• Source material
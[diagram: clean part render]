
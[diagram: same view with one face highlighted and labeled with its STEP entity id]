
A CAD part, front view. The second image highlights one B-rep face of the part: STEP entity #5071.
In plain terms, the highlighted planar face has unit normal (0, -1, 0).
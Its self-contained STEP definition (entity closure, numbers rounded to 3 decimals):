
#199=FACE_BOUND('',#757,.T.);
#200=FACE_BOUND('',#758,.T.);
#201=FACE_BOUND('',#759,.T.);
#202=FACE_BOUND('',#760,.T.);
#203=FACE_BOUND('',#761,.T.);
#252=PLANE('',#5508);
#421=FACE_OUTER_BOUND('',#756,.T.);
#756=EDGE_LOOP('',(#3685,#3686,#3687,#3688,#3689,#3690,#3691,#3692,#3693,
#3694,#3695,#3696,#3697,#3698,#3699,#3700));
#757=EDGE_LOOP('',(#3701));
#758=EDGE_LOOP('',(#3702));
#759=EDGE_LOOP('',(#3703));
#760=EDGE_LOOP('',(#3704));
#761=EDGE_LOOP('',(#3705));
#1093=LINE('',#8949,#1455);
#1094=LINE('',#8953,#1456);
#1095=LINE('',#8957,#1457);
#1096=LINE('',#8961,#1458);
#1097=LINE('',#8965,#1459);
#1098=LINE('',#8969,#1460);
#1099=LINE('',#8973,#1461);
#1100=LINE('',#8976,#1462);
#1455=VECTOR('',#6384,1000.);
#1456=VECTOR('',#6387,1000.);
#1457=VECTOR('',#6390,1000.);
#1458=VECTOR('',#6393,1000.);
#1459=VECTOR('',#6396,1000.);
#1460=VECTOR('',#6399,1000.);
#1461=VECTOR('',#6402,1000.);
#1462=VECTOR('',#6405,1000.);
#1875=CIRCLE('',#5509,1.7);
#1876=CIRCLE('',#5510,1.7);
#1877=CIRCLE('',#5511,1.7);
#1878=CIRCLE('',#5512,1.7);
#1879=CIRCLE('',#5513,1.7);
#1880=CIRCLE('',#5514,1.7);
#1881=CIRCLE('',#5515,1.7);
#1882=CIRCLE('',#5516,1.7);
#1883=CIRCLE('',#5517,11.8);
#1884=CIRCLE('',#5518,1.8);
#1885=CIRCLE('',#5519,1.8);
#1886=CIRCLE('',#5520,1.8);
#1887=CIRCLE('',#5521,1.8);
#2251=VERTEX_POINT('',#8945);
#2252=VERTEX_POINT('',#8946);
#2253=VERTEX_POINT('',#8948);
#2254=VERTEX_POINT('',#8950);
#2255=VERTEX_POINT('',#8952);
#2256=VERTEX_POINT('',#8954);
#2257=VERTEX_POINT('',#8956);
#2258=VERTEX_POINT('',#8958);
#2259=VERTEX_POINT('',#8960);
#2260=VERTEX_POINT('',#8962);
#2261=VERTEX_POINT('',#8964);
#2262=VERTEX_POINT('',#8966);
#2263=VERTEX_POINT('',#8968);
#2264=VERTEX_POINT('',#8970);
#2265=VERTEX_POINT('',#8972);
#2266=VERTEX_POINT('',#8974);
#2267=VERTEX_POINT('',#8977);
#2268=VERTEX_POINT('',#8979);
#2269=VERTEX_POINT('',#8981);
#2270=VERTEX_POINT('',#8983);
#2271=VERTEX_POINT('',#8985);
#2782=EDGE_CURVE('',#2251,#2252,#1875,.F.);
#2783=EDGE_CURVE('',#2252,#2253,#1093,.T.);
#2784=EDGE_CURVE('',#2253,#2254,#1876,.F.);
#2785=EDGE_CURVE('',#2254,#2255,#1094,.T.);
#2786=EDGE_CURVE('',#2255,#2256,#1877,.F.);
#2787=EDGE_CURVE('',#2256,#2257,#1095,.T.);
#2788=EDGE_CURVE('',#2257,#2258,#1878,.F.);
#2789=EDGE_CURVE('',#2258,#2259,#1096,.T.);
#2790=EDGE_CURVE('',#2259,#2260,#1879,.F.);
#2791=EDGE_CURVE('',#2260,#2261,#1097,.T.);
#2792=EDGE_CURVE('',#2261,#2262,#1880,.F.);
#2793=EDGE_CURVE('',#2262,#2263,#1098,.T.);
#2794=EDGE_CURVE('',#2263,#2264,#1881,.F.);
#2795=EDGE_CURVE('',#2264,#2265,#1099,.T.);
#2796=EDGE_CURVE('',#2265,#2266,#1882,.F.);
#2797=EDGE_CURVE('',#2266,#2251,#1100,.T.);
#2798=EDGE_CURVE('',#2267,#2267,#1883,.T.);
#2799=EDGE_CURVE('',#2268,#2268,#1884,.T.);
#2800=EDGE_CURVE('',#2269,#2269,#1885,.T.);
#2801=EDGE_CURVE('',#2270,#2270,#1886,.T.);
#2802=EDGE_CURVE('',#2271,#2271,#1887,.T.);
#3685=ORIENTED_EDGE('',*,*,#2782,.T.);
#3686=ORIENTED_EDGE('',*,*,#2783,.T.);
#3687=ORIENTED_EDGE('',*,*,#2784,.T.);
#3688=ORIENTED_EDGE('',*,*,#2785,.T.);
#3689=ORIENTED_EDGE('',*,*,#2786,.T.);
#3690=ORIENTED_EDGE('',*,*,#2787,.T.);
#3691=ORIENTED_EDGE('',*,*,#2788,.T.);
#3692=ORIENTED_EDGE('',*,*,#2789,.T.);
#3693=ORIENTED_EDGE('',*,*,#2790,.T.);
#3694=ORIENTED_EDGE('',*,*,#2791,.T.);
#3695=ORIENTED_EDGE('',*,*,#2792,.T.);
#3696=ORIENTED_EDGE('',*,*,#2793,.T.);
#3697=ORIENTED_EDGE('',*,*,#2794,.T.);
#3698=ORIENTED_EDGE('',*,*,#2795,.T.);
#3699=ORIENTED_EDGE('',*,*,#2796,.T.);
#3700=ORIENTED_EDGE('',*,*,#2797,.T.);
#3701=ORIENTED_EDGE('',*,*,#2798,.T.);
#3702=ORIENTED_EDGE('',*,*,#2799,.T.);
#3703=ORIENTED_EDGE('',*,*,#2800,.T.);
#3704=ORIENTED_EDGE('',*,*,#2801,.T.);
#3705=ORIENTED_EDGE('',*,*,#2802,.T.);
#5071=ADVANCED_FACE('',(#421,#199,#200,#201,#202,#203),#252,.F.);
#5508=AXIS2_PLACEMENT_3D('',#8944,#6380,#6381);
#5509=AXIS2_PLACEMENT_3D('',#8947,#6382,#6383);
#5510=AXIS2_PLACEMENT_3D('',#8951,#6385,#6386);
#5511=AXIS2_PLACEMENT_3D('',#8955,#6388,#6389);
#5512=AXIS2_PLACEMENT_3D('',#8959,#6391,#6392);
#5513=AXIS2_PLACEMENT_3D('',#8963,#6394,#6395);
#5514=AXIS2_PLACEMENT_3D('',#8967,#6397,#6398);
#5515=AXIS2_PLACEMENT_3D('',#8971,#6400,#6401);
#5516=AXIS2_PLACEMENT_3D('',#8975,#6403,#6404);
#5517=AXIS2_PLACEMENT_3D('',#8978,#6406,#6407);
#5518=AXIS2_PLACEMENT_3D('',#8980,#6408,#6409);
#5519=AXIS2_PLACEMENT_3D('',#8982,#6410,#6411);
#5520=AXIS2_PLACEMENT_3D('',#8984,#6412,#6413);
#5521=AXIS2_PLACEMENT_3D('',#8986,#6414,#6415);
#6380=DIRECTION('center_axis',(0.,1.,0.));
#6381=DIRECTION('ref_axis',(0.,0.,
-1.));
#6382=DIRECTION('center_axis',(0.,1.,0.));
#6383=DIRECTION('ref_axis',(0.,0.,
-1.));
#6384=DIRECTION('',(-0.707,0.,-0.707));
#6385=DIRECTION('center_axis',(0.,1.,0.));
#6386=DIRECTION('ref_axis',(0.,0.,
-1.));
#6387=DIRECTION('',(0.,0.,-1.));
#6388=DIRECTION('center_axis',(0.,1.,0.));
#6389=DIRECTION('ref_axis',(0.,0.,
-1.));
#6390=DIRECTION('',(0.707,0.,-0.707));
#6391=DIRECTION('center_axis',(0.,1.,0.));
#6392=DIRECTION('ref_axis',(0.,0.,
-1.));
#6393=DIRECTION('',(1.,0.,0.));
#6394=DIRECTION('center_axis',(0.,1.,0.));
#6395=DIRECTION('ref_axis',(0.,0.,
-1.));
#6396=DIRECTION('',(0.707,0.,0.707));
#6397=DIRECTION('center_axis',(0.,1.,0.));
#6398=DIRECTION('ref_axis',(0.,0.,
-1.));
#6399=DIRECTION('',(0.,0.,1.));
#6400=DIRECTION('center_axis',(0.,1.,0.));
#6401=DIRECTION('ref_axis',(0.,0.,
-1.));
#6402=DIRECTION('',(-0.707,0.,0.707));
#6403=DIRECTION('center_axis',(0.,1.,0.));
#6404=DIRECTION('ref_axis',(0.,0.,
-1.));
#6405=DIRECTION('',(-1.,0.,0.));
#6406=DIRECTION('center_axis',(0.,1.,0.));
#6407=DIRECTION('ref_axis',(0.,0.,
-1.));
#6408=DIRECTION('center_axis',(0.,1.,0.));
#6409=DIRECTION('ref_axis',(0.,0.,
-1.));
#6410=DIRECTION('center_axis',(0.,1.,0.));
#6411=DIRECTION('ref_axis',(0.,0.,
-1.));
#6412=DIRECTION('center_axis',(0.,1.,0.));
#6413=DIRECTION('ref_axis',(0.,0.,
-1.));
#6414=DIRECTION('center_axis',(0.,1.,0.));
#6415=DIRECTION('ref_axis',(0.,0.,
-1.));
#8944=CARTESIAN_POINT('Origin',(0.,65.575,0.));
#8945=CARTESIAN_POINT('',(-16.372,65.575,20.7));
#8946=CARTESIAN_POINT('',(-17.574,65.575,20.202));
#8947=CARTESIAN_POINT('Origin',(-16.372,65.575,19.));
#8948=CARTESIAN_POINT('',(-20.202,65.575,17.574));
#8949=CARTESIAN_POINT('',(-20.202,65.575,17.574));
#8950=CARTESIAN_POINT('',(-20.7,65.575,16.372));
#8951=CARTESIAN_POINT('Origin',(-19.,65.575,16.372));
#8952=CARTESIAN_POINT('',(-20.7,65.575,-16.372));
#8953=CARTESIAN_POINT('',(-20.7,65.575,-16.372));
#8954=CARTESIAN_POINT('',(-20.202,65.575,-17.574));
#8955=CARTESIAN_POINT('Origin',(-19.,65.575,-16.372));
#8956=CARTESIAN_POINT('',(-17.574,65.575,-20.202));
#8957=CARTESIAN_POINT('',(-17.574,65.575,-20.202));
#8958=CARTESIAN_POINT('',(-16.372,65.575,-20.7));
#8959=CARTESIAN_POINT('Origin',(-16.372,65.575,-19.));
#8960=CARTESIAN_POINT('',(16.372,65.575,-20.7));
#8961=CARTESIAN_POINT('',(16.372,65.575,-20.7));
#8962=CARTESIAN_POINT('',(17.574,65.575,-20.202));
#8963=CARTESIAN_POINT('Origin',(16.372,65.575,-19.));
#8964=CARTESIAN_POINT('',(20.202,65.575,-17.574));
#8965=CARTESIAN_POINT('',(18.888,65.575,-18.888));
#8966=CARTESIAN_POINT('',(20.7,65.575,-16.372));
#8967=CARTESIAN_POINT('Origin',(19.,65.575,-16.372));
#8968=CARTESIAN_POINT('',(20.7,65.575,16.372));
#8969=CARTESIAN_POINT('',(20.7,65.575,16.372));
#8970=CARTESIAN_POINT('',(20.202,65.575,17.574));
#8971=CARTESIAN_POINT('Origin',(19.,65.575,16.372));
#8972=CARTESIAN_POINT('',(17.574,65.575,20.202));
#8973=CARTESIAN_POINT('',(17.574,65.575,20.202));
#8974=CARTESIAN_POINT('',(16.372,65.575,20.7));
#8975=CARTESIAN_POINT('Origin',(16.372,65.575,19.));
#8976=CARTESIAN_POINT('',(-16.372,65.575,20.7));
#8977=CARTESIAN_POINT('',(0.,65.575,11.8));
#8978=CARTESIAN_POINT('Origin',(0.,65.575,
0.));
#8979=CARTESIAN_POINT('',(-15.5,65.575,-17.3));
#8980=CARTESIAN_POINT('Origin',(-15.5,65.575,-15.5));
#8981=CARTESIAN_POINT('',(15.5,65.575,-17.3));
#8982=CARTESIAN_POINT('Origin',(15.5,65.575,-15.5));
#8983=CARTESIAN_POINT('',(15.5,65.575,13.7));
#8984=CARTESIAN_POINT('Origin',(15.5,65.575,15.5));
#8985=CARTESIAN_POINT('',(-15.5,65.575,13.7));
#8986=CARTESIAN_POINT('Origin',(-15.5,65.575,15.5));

• Your objective
Proceeding from the line containing "#8949=CARTESIAN_POINT('',(-20.202,65.575,17.574));" through the line containing "#8954=CARTESIAN_POINT('',(-20.202,65.575,-17.574));", transcribe the lines above exactly, both end lines included.

• Expected output
#8949=CARTESIAN_POINT('',(-20.202,65.575,17.574));
#8950=CARTESIAN_POINT('',(-20.7,65.575,16.372));
#8951=CARTESIAN_POINT('Origin',(-19.,65.575,16.372));
#8952=CARTESIAN_POINT('',(-20.7,65.575,-16.372));
#8953=CARTESIAN_POINT('',(-20.7,65.575,-16.372));
#8954=CARTESIAN_POINT('',(-20.202,65.575,-17.574));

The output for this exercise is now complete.